CHP İl ve İlçe kongrelerinde, genel olarak statüko kaybetti diyebiliriz. Her ne kadar "kongre salonlarında görmek istemediğimiz hareketler" yaşansa da bunları "icazetle politika" yapma alışkanlığındaki bir kesimin kaybedince çamurlaşmaları olarak yorumlayabiliriz.
Pazar günü sonuçlanan İstanbul İl Kongresi’ nde kavga gürültü çıkmaması
sevindiriciydi. Çünkü İzmir ve ardından Antalya İl Kongreleri’nin ağız
dalaşını aşarak yumruklaşmalara sahne olması ister istemez bir beklenti
yaratmıştı ama beklenen olmadı. Son derece centilmence bir yarış yaşandı
ve yarışın galibi Cemal Canpolat oldu.
Canpolat ve ekibinin başarısı sıradan bir kongre sonucu değildir. Çünkü Canpolat, tabanın uzun süredir beklediği "sol" söylemlerle başladı bu yarışa ve konuşmasında da üstüne basa basa "sol" dedi.
Merkeze kaymakla suçlanan ve kaydıkları oranda oy artışı konusunda bir
fayda sağlamayan Genel Merkez’e tabanın bir mesajı gibi geldi bu sonuç
bana.
Son geceye kadar adaylık için yeterli imzayı toplayan 3 aday olduğu
biliniyordu. Ancak kongre başlar başlamaz Necdet Saraç'ın yaşananları ve
ortamı "kirli" bulduğunu belirterek
adaylıktan çekilmesi dengeleri değiştirdi. Saraç'la birlikte hareket
eden ilçe başkanları ve belediye başkanları yeni pazarlıklara
başladılar. Bu gelişme de ister istemez önceden verilen sözlerin yerine
getirilmesini güçleştirdi. Yarışta kalan Gökan Zeybek ve Cemal
Canpolat'a zor anlar yaşattı. Her iki cephede de küskünlükler
yaşandı. Ancak sonuca bakarak Saraç'a gidecek oyların büyük
bölümü Canpolat' a gitti diyebiliriz.
Kongrede ilginç bir gelişme de genel başkan Kemal Kılıçdaroğlu' nun
hiçbir ismi işaret etmediğini bildirdiği halde bazı genel
merkez yöneticilerinin "Biz konuştuk Genel Başkan Gökan Zeybek'i işaret etti" şeklindeki
propagandalarının Canpolat'ın galibiyeti ile Genel Merkezi
yendiği izlenimi yaratması oldu.

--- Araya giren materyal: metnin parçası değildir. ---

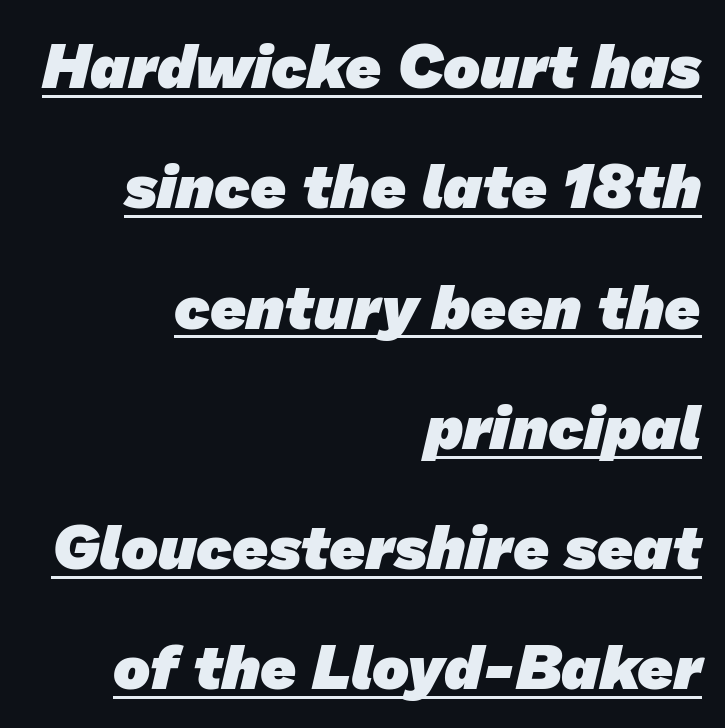
The image shows 62 px heavy sans-serif type; set right-aligned, loose line spacing (1.94x), normal letter spacing, underlined; low stroke contrast and a medium x-height.
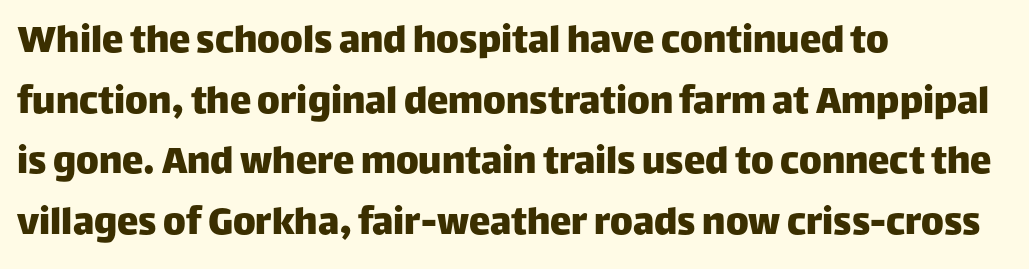
The image shows 43 px sans-serif type, upright; set left-aligned, normal line spacing (1.41x), normal letter spacing, not underlined; low stroke contrast and a large x-height.
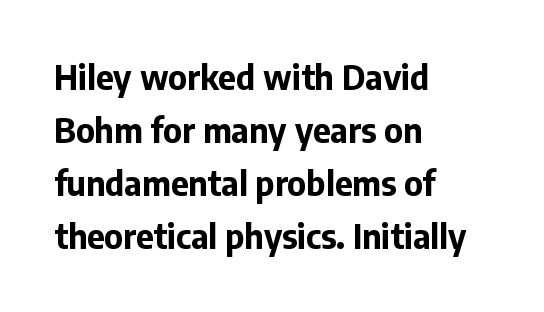
Q: Is the text bold? A: Yes.
Q: Is the text italic (slanted)? A: No, it is upright.
Q: Is the typeface a serif or a sans-serif typeface? A: Sans-serif.
Q: Is the text underlined? A: No.
Q: How is the paragraph aligned? A: Left-aligned.
Q: Is the spacing between letters normal or unusually wide? A: Normal.
Q: Is the spacing between lines tight, normal or loose? A: Normal.
Q: Width (condensed, normal, or wide)? A: Normal.
Q: Stroke contrast? A: Low.
Q: x-height? A: Medium.
Q: Monospaced? A: No.
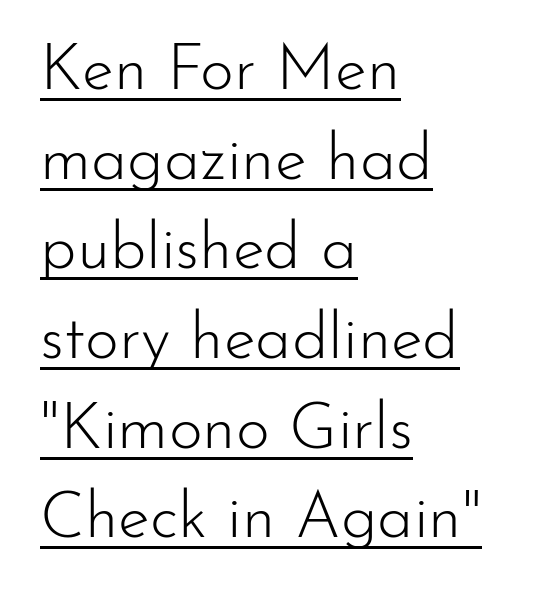
The image shows 65 px light sans-serif type, upright; set left-aligned, normal line spacing (1.38x), normal letter spacing, underlined; low stroke contrast and a small x-height.
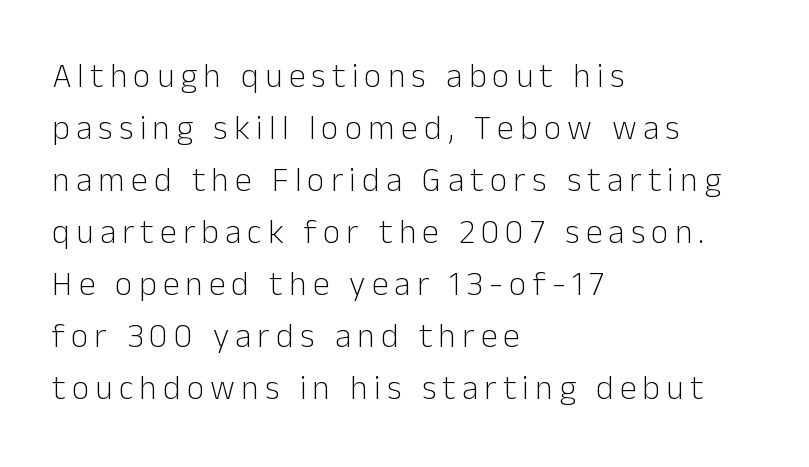
The image shows 34 px light sans-serif type, upright; set left-aligned, normal line spacing (1.53x), not underlined; low stroke contrast and a medium x-height.
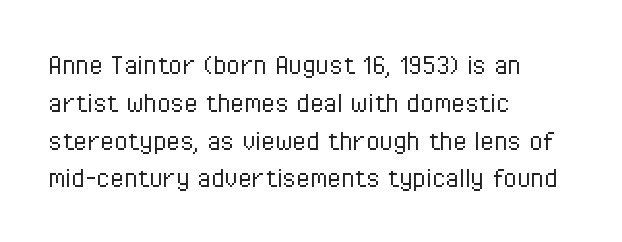
Posture: straight, roman, zero tilt. To sum up the face: it is a sans, with no serifs. The horizontal fit of the characters is conventional and even. Is the stroke heavy? The answer is a plain regular-or-lighter.
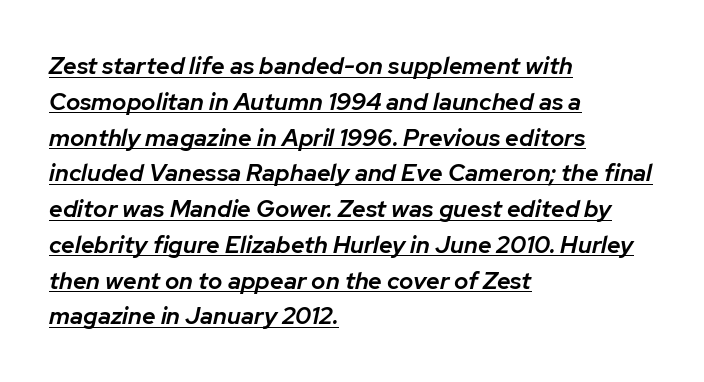
How would I describe the line gaps? Plain and ordinary. Typesetter's note: demi weight, one step under bold. Standard letterfit; no display-style spreading of the glyphs. Compared with ordinary roman type, these characters are visibly tilted. In designer terms, the underline attribute is active on this setting.
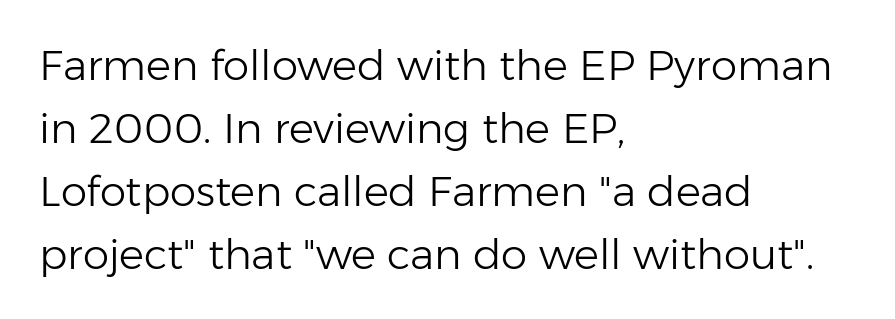
{"serif": "no", "italic": "no", "bold": "no", "weight": "light", "width": "normal", "stroke_contrast": "low", "x_height": "medium", "monospaced": "no", "underline": "no", "align": "left", "line_spacing": "normal", "line_spacing_ratio": 1.5, "letter_spacing": "normal", "letter_spacing_em": 0.0, "glyph_px": 42}
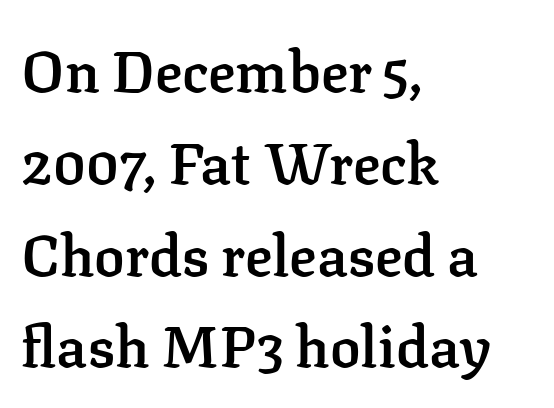
Q: Is the text bold? A: Semi-bold.
Q: Is the text italic (slanted)? A: No, it is upright.
Q: Is the typeface a serif or a sans-serif typeface? A: Serif.
Q: Is the text underlined? A: No.
Q: How is the paragraph aligned? A: Left-aligned.
Q: Is the spacing between letters normal or unusually wide? A: Normal.
Q: Is the spacing between lines tight, normal or loose? A: Normal.
Q: Width (condensed, normal, or wide)? A: Normal.
Q: Stroke contrast? A: Low.
Q: x-height? A: Medium.
Q: Monospaced? A: No.
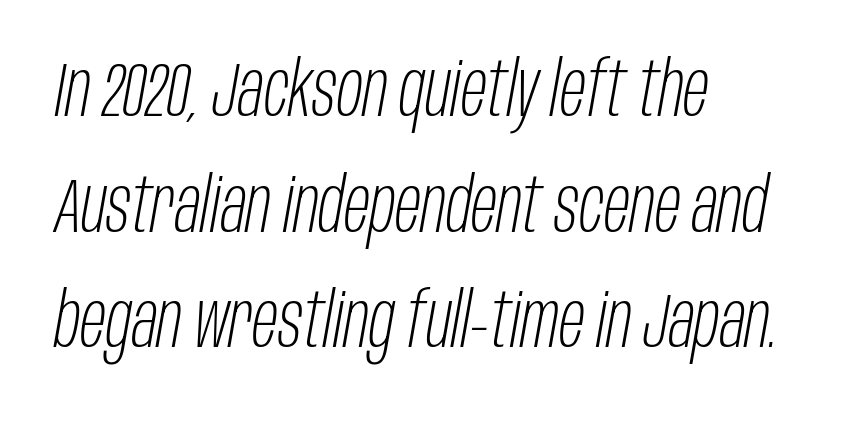
{"italic": "yes", "lean": "right", "slant_degrees": 10, "bold": "no", "weight": "light", "width": "condensed", "stroke_contrast": "low", "x_height": "large", "monospaced": "no", "underline": "no", "align": "left", "line_spacing": "normal", "line_spacing_ratio": 1.52, "letter_spacing": "normal", "letter_spacing_em": 0.0, "glyph_px": 76}
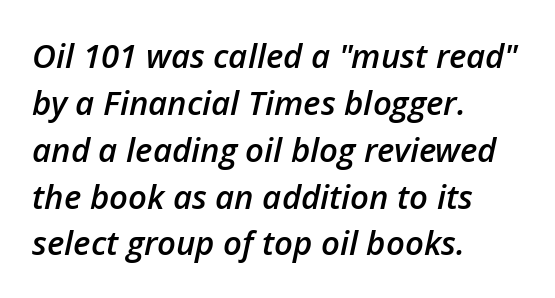
Q: Is the text bold? A: Semi-bold.
Q: Is the text italic (slanted)? A: Yes, it leans right by about 12 degrees.
Q: Is the text underlined? A: No.
Q: How is the paragraph aligned? A: Left-aligned.
Q: Is the spacing between letters normal or unusually wide? A: Normal.
Q: Is the spacing between lines tight, normal or loose? A: Normal.
Q: Width (condensed, normal, or wide)? A: Normal.
Q: Stroke contrast? A: Low.
Q: x-height? A: Medium.
Q: Monospaced? A: No.
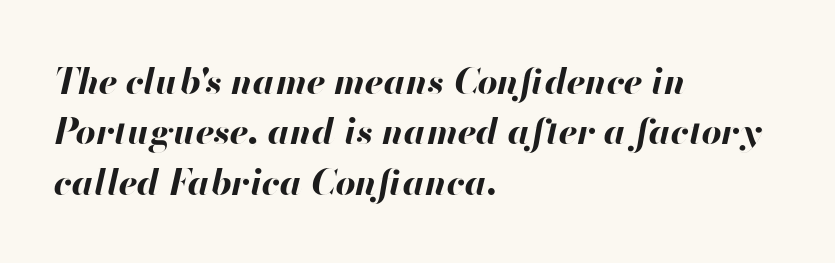
The image shows 35 px bold type, italic (leaning right); set left-aligned, normal line spacing (1.44x), normal letter spacing, not underlined; high stroke contrast and a small x-height.
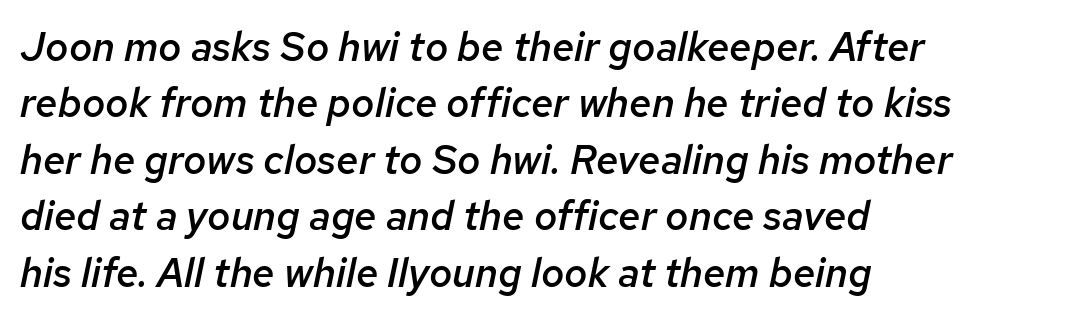
No extra tracking has been applied to these lines. Emphasis by weight is partial: semibold. Any mark beneath the type? The region is blank. Is this a fixed-width face? No — the glyphs have proportional, varying widths. Visually the block forms a straight wall on the left and a jagged coastline on the right.
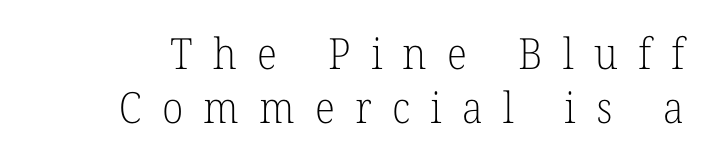
The letters look calm and open, with moderate or lighter stems. This sample keeps an unexceptional amount of space between lines. Spacing between characters has been opened up far beyond the box default. Note: serifs present on the glyphs. The baseline area is clear.
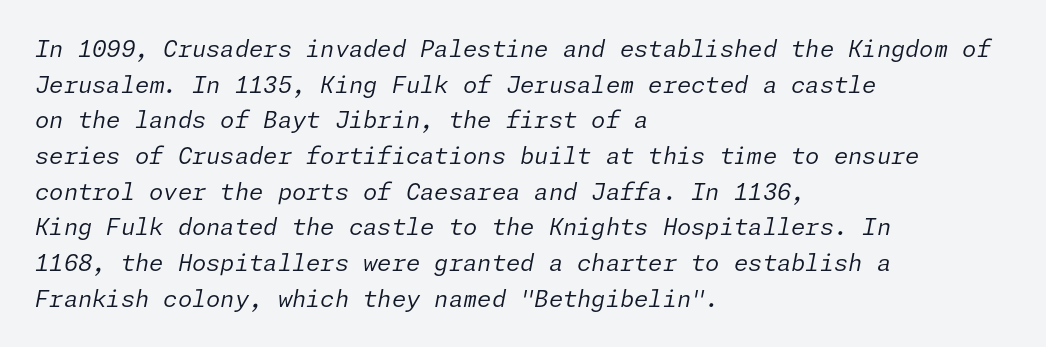
{"italic": "yes", "lean": "right", "slant_degrees": 11, "bold": "no", "underline": "no", "align": "left", "line_spacing": "normal", "line_spacing_ratio": 1.55, "letter_spacing": "normal", "letter_spacing_em": 0.0, "glyph_px": 23}
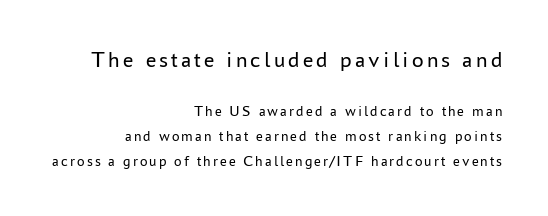
{"italic": "no", "bold": "no", "underline": "no", "align": "right", "line_spacing": "normal", "line_spacing_ratio": 1.65, "larger_block": "first", "size_ratio": 1.53, "glyph_px": 23}
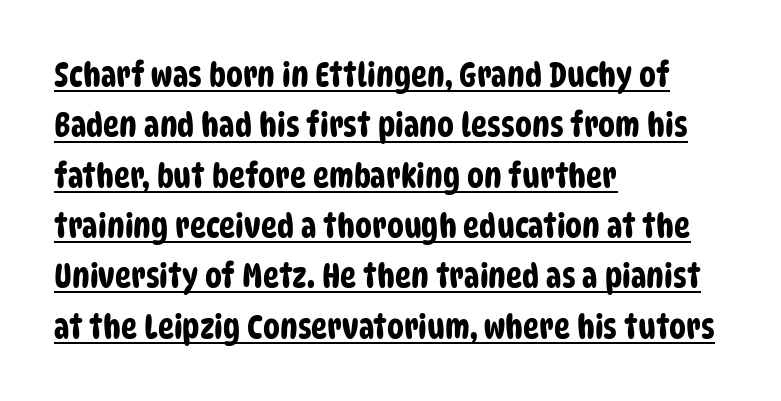
Q: Is the typeface a serif or a sans-serif typeface? A: Sans-serif.
Q: Is the text underlined? A: Yes.
Q: How is the paragraph aligned? A: Left-aligned.
Q: Is the spacing between letters normal or unusually wide? A: Normal.
Q: Is the spacing between lines tight, normal or loose? A: Normal.
Q: Width (condensed, normal, or wide)? A: Condensed.
Q: Stroke contrast? A: Low.
Q: x-height? A: Large.
Q: Monospaced? A: No.
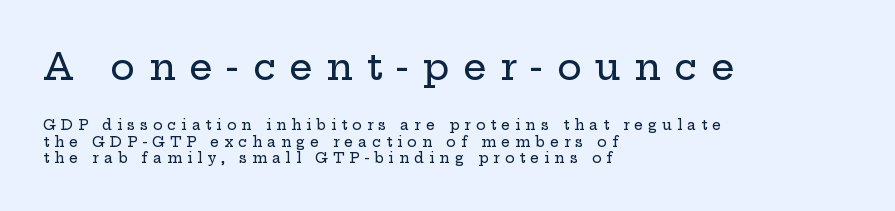
Compared with typical body copy, the letter spacing here is much looser. Serif or sans? Serif — the stroke terminals have little feet. Anything drawn beneath the words? Only blank space. In terms of posture, this sample is upright. The letters advance in unequal steps, a hallmark of proportional type. Size hierarchy here favors the leading block over the trailing one.
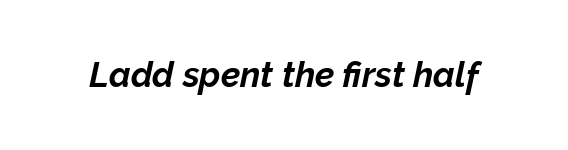
Quick note: underline off. The tracking reads as untouched default to a designer's eye. This is oblique type, the kind used for emphasis or titles. Character widths vary here, with narrow letters taking less room than wide ones.

Yani Cemal Canpolat'ın başarısı, Genel
Başkan ile bazı yöneticilerin arasını bozacak gibi duruyor.
Baykal Adı Kaybetmek İçin Yeterli
Öte yandan anlatılması gereken bir gelişme de önce Cemal Canpolat'ın
yanında yer almaya niyetli Mehmet Sevingen'in, Deniz Baykal'ın
telefonda "Sen Antalya’da bizi yenen adamın listesine nasıl destek olursun?" uyarısı
ile Gökan Zeybek'in listesinde yer almasıydı. Ancak aday listeleri
okunurken var olan Sevingen'in listeler matbaaya giderken çıkarılması
ise akıl almaz kulisler döndüğünün işaretiydi. Sevingen, bağırıp
çağırmadı; göstere göstere oyunu Cemal Canpolat'ın sarı listesine verdi
ve salonu terk etti.
Baykal'ın, Zeybek'i desteklediğinin öğrenilmesi ise Zeybek'e ikinci bir darbeydi.
Beni salonda en çok üzen konu sosyal demokrat bir partide, adayların mezhepleri üzerinden kulisler yapılmasıydı.
Şunu belirtmeli ki, sadece İstanbul değil, birçok yerde "Aleviler partiyi ele geçiriyor" gibi konuşmalar
yapılmıyor değil. Bu konuyu açmak bile ayıp gibi geliyor bana ama
kapalı kapılar arkasında konuşulanlara daha açık yanıt vermek de
gerekiyor.
CHP’de Sünni kökenli birçok ilçe başkanı, il başkanı ve yönetici
geldi geçti. Hatta uzun yıllar o koltukları işgal ettiler ve hiçbir
zaman "Sünniler partiyi ele mi geçiriyor?" diye gizli ya da açık bir söylemleri olmadı.
Ayıptır beyler!
CHP laikliğin güvencesi bir partidir ve öyle kalacaktır.
Mezhep üzerinden politika yapacak olan varsa böyle bir parti uzakta değil. AKP davet ediyor sizi.